I had an openssl dev explain (in person) to to me when I complained about the default behavior: that there had been platforms that depended on that behavior, that they weren't sure that which ones did, and so it didn't seem safe to eliminate it. (I'd complained because I couldn't have users with non -DPURIFY openssl code run valgrind as part of troubleshooting). IIRC the use of uninitialized memory was intentional and remarked on in comments in the code.

zzo38computer · on Feb 2, 2023

They should make such considerations as:

- If the "uninitialized" data is actually somehow some kind of interference.

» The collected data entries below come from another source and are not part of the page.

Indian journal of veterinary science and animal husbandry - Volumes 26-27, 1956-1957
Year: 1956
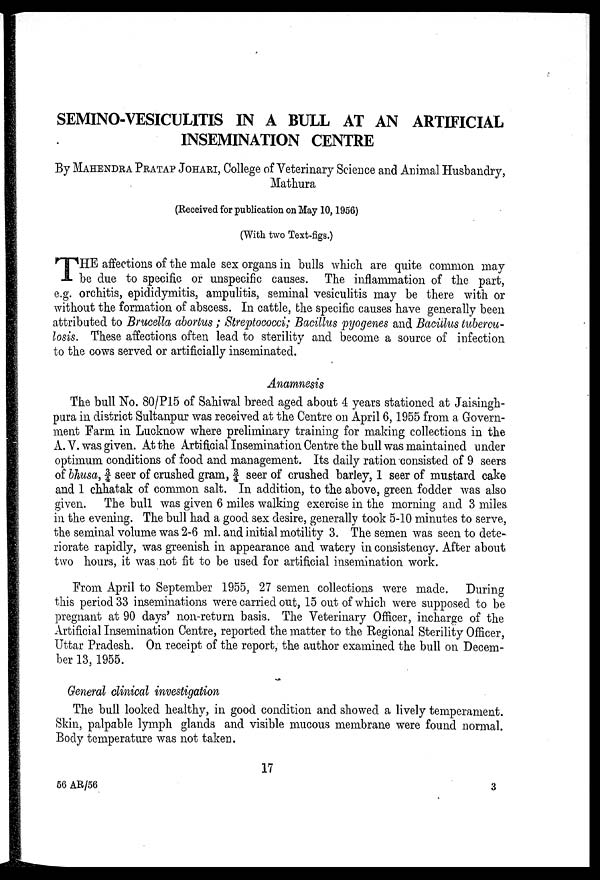
SEMINO-VESICULITIS IN A BULL AT AN ARTIFICIAL
INSEMINATION CENTRE
By MAHENDRA PRATAP JOHARI, College of Veterinary Science and Animal Husbandry,
Mathura
(Received for publication on May 10, 1956)
(With two Text-figs.)
T HE affections of the male sex organs in bulls which are quite common may
be due to specific or unspecific causes. The inflammation of the part,
e.g. orchitis, epididymitis, ampulitis, seminal vesiculitis may be there with or
without the formation of abscess. In cattle, the specific causes have generally been
attributed to Brucella abortus ; Streptococci; Bacillus pyogenes and Bacillus tubercu-
losis. These affections often lead to sterility and become a source of infection
to the cows served or artificially inseminated.
Anamnesis
The bull No. 80/P15 of Sahiwal breed aged about 4 years stationed at Jaisingh-
pura in district Sultanpur was received at the Centre on April 6, 1955 from a Govern-
ment Farm in Lucknow where preliminary training for making collections in the
A. V. was given. At the Artificial Insemination Centre the bull was maintained under
optimum conditions of food and management. Its daily ration consisted of 9 seers
of bhusa, ¾ seer of crushed gram, ¾ seer of crushed barley, 1 seer of mustard cake
and 1 chhatak of common salt. In addition, to the above, green fodder was also
given. The bull was given 6 miles walking exercise in the morning and 3 miles
in the evening. The bull had a good sex desire, generally took 5-10 minutes to serve,
the seminal volume was 2-6 ml. and initial motility 3. The semen was seen to dete-
riorate rapidly, was greenish in appearance and watery in consistency. After about
two hours, it was not fit to be used for artificial insemination work.
From April to September 1955, 27 semen collections were made. During
this period 33 inseminations were carried out, 15 out of which were supposed to be
pregnant at 90 days' non-return basis. The Veterinary Officer, incharge of the
Artificial Insemination Centre, reported the matter to the Regional Sterility Officer,
Uttar Pradesh. On receipt of the report, the author examined the bull on Decem-
ber 13, 1955.
General clinical investigation
The bull looked healthy, in good condition and showed a lively temperament.
Skin, palpable lymph glands and visible mucous membrane were found normal.
Body temperature was not taken.
17
56 AR/56
3

- In LLVM, using a "undef" value will not always do the same thing each time; however, the "freeze" command can be used to avoid that problem. (I don't know if this feature of LLVM can be accessed from C codes, or how the similar things are working in GCC.)

- If the code seems unusual, then you should write comments to explain why it is written in the way that it is. (You can then also know what considerations to make if you want to remove it.)

- Whether or not there is uninitialized data, you will need to make proper entropy too, from other properly entropy data.

imtringued · on Feb 2, 2023

>So instead you're left with the worst of both worlds - you both can't rely on how signed ints behave in Rust as a programmer because they have 2 extremely incompatible defined behaviors, and the optimizer/runtime then can't take advantage of them being undefined behavior in practice in release builds to optimize better.

I don't understand how this is the worst of both worlds.

You can explicitly define overflow behavior in Rust. There are wrapper types and explicit checked or saturating and wrapping operations if those are necessary for the correctness of your program. If your program doesn't rely on them then checked overflow being the default in debug builds is the way to go and given enough confidence in the final product it makes sense to drop them in release builds and given enough processor advancements we can also do checked overflow in release builds.

kllrnohj · on Feb 2, 2023

I can do that in C/C++ where regular signed integer overflow is otherwise undefined behavior. The point is just Rust defining the behavior (no UB!) didn't do a damn thing to help anyone since if you actually want and expect overflow you need to use specific functions/wrappers to do that anyway. You also probably want the carry flag anyway so having regular addition be "defined behavior" is still useless.

saagarjha · on Feb 4, 2023

Yep, exactly this. There's a handful of undefined behavior that might actually be worth reconsidering, but almost all UB that people want turned into defined behavior are "yeah we had a bug let's make it do something about as bad but call it defined".